Task inputs –

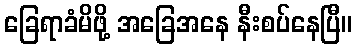
ခြေရာခံမိဖို့ အခြေအနေ နီးစပ်နေပြီ။
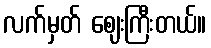
လက်မှတ် ဈေးကြီးတယ်။
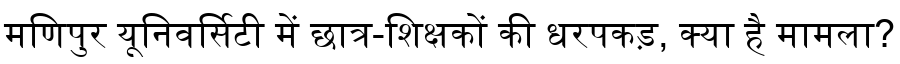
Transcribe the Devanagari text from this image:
मणिपुर यूनिवर्सिटी में छात्र-शिक्षकों की धरपकड़, क्या है मामला?
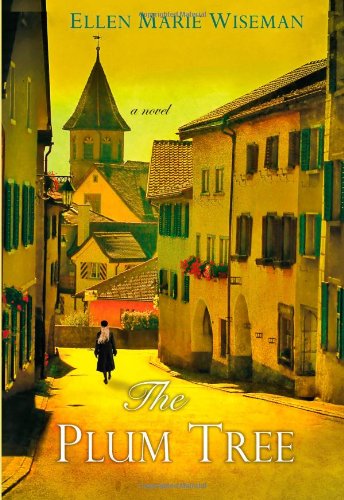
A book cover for The Plum Tree; Ellen Marie Wiseman; Literature & Fiction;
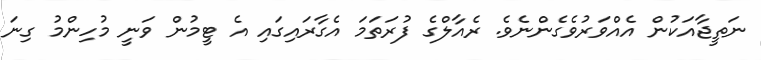
ނަތީޖާއަކުން އެއްވަރުވެގެންނެވެ. ރެއާލްގެ ފުރަތަމަ އެގާރައިގައި އެ ޓީމުން ވަނީ މުހިންމު ގިނަ
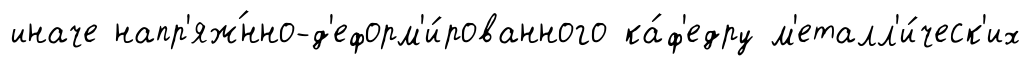
иначе напр'яж́нно-д'еформ'и́рованного ка́ф'едру м'еталл'и́ческ'их
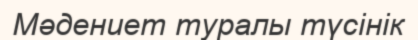
Мәдениет туралы түсінік
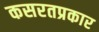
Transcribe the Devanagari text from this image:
कसरतप्रकार
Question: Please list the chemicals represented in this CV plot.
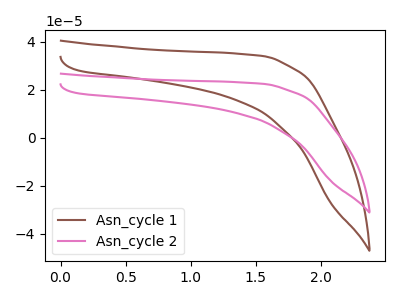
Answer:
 <answer>The brown curve is labeled "Asn_cycle 1". The pink curve is labeled "Asn_cycle 2".</answer>
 <eval></eval>
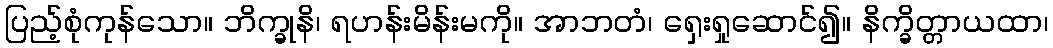
ပြည့်စုံကုန်သော။ ဘိက္ခုနိ၊ ရဟန်းမိန်းမကို။ အာဘတံ၊ ရှေးရှုဆောင်၍။ နိက္ခိတ္တာယထာ၊
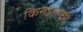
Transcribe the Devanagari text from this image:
किराइताचीं
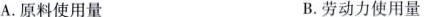
A. 原料使用量 B. 劳动力使用量
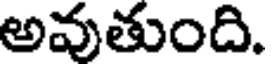
అవుతుంది.
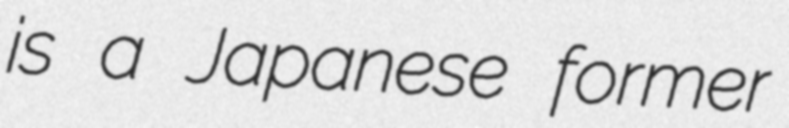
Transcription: is a Japanese former
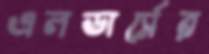
এলডার্সের
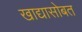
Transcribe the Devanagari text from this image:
खाद्यासोबत
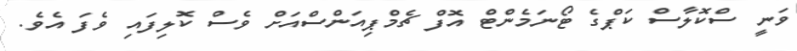
ވަނީ ސްކޮލާސް ކަޕްގެ ޓޯނަމެންޓް އޮފް ޗެމްޕިއަންސްއަށް ވެސް ކޮލިފައި ވެފަ އެވެ.
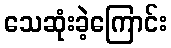
သေဆုံးခဲ့ကြောင်း
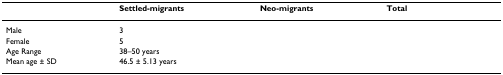
<table><thead><tr><td>[EMPTY_CELL]</td><td><b>Settled-migrants</b></td><td><b>Neo-migrants</b></td><td><b>Total</b></td></tr></thead><tbody><tr><td>Male</td><td>3</td><td>[EMPTY_CELL]</td><td>[EMPTY_CELL]</td></tr><tr><td>Female</td><td>5</td><td>[EMPTY_CELL]</td><td>[EMPTY_CELL]</td></tr><tr><td>Age Range</td><td>38–50 years</td><td>[EMPTY_CELL]</td><td>[EMPTY_CELL]</td></tr><tr><td>Mean age ± SD</td><td>46.5 ± 5.13 years</td><td>[EMPTY_CELL]</td><td>[EMPTY_CELL]</td></tr></tbody></table>
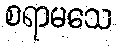
စရာမသေ
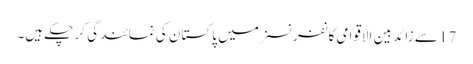
17 سے زائد بین الاقوامی کانفرنسزمیں پاکستان کی نمائندگی کر چکے ہیں۔
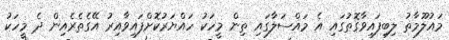
މައުލޫމާތު ލިބިފައިވާގޮތުގައި އެ މައްސަލާގައި ތިން މީހަކު ހައްޔަރުކޮށްފައިވާއިރު އޭގެތެރެއިން ދެ މީހަކު
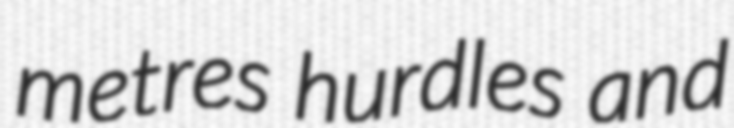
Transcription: metres hurdles and
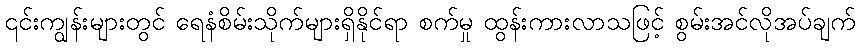
၎င်းကျွန်းများတွင် ရေနံစိမ်းသိုက်များရှိနိုင်ရာ စက်မှု ထွန်းကားလာသဖြင့် စွမ်းအင်လိုအပ်ချက်
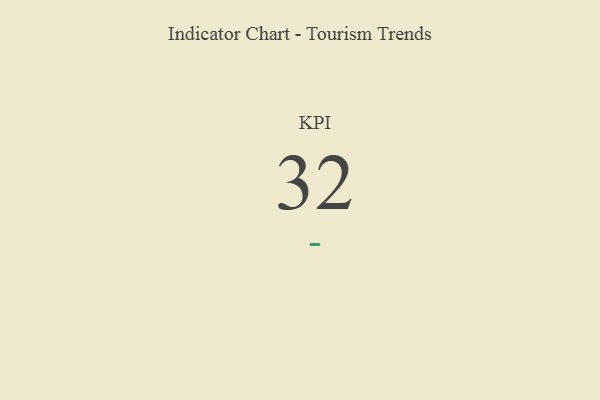
{"axis": {"x": "KPI", "y": "Value"}, "legend": [""], "data": [{"x": "KPI", "y": 32, "type": ""}]}
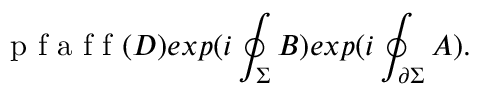
\textup { p f a f f } ( D ) e x p ( i \oint _ { \Sigma } B ) e x p ( i \oint _ { \partial \Sigma } A ) .
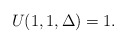
\begin{align*} U(1,1, \Delta) = 1.\end{align*}
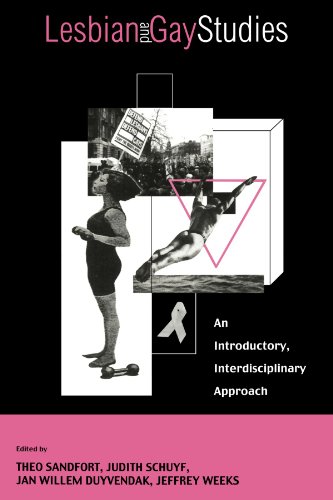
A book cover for Lesbian and Gay Studies: An Introductory, Interdisciplinary Approach; Gay & Lesbian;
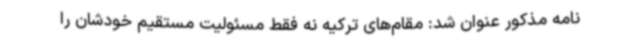
نامه مذکور عنوان شد: مقام‌های ترکیه نه فقط مسئولیت مستقیم خودشان را
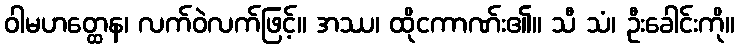
ဝါမဟတ္ထေန၊ လက်ဝဲလက်ဖြင့်။ အဿ၊ ထိုငကာဏ်း၏။ သီ သံ၊ ဦးခေါင်းကို။
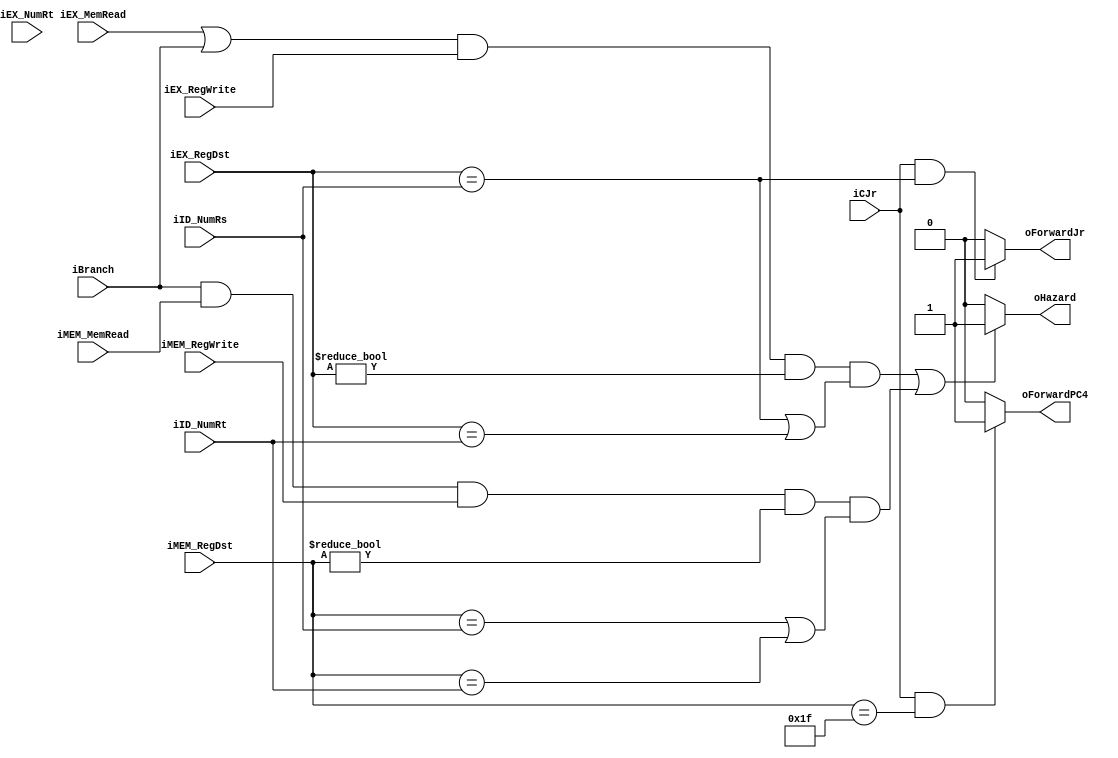
module HazardUnitM (
	iID_NumRs,
	iID_NumRt, 
	iEX_NumRt, 
	iEX_MemRead, // op == load?
	iEX_RegWrite,
	iCJr, // opcode == jr?
	iEX_RegDst,
	iMEM_MemRead,
	iMEM_RegDst,
	iMEM_RegWrite,
	iBranch, // op == beq || bne?
	oHazard,
	oForwardJr,
	oForwardPC4
);

	input wire [4:0] iID_NumRs, iID_NumRt, iEX_NumRt, iEX_RegDst, iMEM_RegDst;
	input wire iEX_MemRead, iEX_RegWrite, iMEM_MemRead, iMEM_RegWrite, iCJr, iBranch;
	output reg oHazard, oForwardJr, oForwardPC4;
	
	wire wEX_RegHazard  = (iEX_RegDst == iID_NumRs) || (iEX_RegDst == iID_NumRt);
	wire wMEM_RegHazard = (iMEM_RegDst == iID_NumRs) || (iMEM_RegDst == iID_NumRt);
	
	wire wEX_Hazard  = (iEX_MemRead || iBranch) && iEX_RegWrite && (iEX_RegDst != 5'b0) && wEX_RegHazard;
	wire wMEM_Hazard = iBranch && iMEM_MemRead && iMEM_RegWrite && (iMEM_RegDst != 5'b0) && wMEM_RegHazard;
	
	assign oHazard = (wEX_Hazard || wMEM_Hazard) ? 1'b1 : 1'b0;
	
	assign oForwardJr = ((iCJr) && (iEX_RegDst == iID_NumRs)) ? 1'b1 : 1'b0;
	
	assign oForwardPC4 = ((iCJr) && (iMEM_RegDst == 5'd31)) ? 1'b1 : 1'b0;
	
endmodule
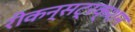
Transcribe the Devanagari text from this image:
रीकन्सट्रक्शन
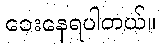
ဝေးနေရပါတယ်။
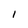
Character: I

Task details – Would you please give the material above again, unchanged but without pictures?

Worked solution –
ခြေရာခံမိဖို့ အခြေအနေ နီးစပ်နေပြီ။
လက်မှတ် ဈေးကြီးတယ်။
Transcribe the Devanagari text from this image:
मणिपुर यूनिवर्सिटी में छात्र-शिक्षकों की धरपकड़, क्या है मामला?
A book cover for The Plum Tree; Ellen Marie Wiseman; Literature & Fiction;
ނަތީޖާއަކުން އެއްވަރުވެގެންނެވެ. ރެއާލްގެ ފުރަތަމަ އެގާރައިގައި އެ ޓީމުން ވަނީ މުހިންމު ގިނަ
иначе напр'яж́нно-д'еформ'и́рованного ка́ф'едру м'еталл'и́ческ'их
Мәдениет туралы түсінік
Transcribe the Devanagari text from this image:
कसरतप्रकार
Question: Please list the chemicals represented in this CV plot.
Answer:
 <answer>The brown curve is labeled "Asn_cycle 1". The pink curve is labeled "Asn_cycle 2".</answer>
 <eval></eval>
ပြည့်စုံကုန်သော။ ဘိက္ခုနိ၊ ရဟန်းမိန်းမကို။ အာဘတံ၊ ရှေးရှုဆောင်၍။ နိက္ခိတ္တာယထာ၊
Transcribe the Devanagari text from this image:
किराइताचीं
A. 原料使用量 B. 劳动力使用量
అవుతుంది.
Transcription: is a Japanese former
এলডার্সের
Transcribe the Devanagari text from this image:
खाद्यासोबत
ވަނީ ސްކޮލާސް ކަޕްގެ ޓޯނަމެންޓް އޮފް ޗެމްޕިއަންސްއަށް ވެސް ކޮލިފައި ވެފަ އެވެ.
သေဆုံးခဲ့ကြောင်း
<table><thead><tr><td>[EMPTY_CELL]</td><td><b>Settled-migrants</b></td><td><b>Neo-migrants</b></td><td><b>Total</b></td></tr></thead><tbody><tr><td>Male</td><td>3</td><td>[EMPTY_CELL]</td><td>[EMPTY_CELL]</td></tr><tr><td>Female</td><td>5</td><td>[EMPTY_CELL]</td><td>[EMPTY_CELL]</td></tr><tr><td>Age Range</td><td>38–50 years</td><td>[EMPTY_CELL]</td><td>[EMPTY_CELL]</td></tr><tr><td>Mean age ± SD</td><td>46.5 ± 5.13 years</td><td>[EMPTY_CELL]</td><td>[EMPTY_CELL]</td></tr></tbody></table>
စရာမသေ
17 سے زائد بین الاقوامی کانفرنسزمیں پاکستان کی نمائندگی کر چکے ہیں۔
މައުލޫމާތު ލިބިފައިވާގޮތުގައި އެ މައްސަލާގައި ތިން މީހަކު ހައްޔަރުކޮށްފައިވާއިރު އޭގެތެރެއިން ދެ މީހަކު
Transcription: metres hurdles and
၎င်းကျွန်းများတွင် ရေနံစိမ်းသိုက်များရှိနိုင်ရာ စက်မှု ထွန်းကားလာသဖြင့် စွမ်းအင်လိုအပ်ချက်
{"axis": {"x": "KPI", "y": "Value"}, "legend": [""], "data": [{"x": "KPI", "y": 32, "type": ""}]}
\textup { p f a f f } ( D ) e x p ( i \oint _ { \Sigma } B ) e x p ( i \oint _ { \partial \Sigma } A ) .
\begin{align*} U(1,1, \Delta) = 1.\end{align*}
A book cover for Lesbian and Gay Studies: An Introductory, Interdisciplinary Approach; Gay & Lesbian;
نامه مذکور عنوان شد: مقام‌های ترکیه نه فقط مسئولیت مستقیم خودشان را
ဝါမဟတ္ထေန၊ လက်ဝဲလက်ဖြင့်။ အဿ၊ ထိုငကာဏ်း၏။ သီ သံ၊ ဦးခေါင်းကို။
module HazardUnitM (
	iID_NumRs,
	iID_NumRt, 
	iEX_NumRt, 
	iEX_MemRead, // op == load?
	iEX_RegWrite,
	iCJr, // opcode == jr?
	iEX_RegDst,
	iMEM_MemRead,
	iMEM_RegDst,
	iMEM_RegWrite,
	iBranch, // op == beq || bne?
	oHazard,
	oForwardJr,
	oForwardPC4
);

	input wire [4:0] iID_NumRs, iID_NumRt, iEX_NumRt, iEX_RegDst, iMEM_RegDst;
	input wire iEX_MemRead, iEX_RegWrite, iMEM_MemRead, iMEM_RegWrite, iCJr, iBranch;
	output reg oHazard, oForwardJr, oForwardPC4;
	
	wire wEX_RegHazard  = (iEX_RegDst == iID_NumRs) || (iEX_RegDst == iID_NumRt);
	wire wMEM_RegHazard = (iMEM_RegDst == iID_NumRs) || (iMEM_RegDst == iID_NumRt);
	
	wire wEX_Hazard  = (iEX_MemRead || iBranch) && iEX_RegWrite && (iEX_RegDst != 5'b0) && wEX_RegHazard;
	wire wMEM_Hazard = iBranch && iMEM_MemRead && iMEM_RegWrite && (iMEM_RegDst != 5'b0) && wMEM_RegHazard;
	
	assign oHazard = (wEX_Hazard || wMEM_Hazard) ? 1'b1 : 1'b0;
	
	assign oForwardJr = ((iCJr) && (iEX_RegDst == iID_NumRs)) ? 1'b1 : 1'b0;
	
	assign oForwardPC4 = ((iCJr) && (iMEM_RegDst == 5'd31)) ? 1'b1 : 1'b0;
	
endmodule
Transcribe the Devanagari text from this image:
रीकन्सट्रक्शन
ဝေးနေရပါတယ်။
Character: I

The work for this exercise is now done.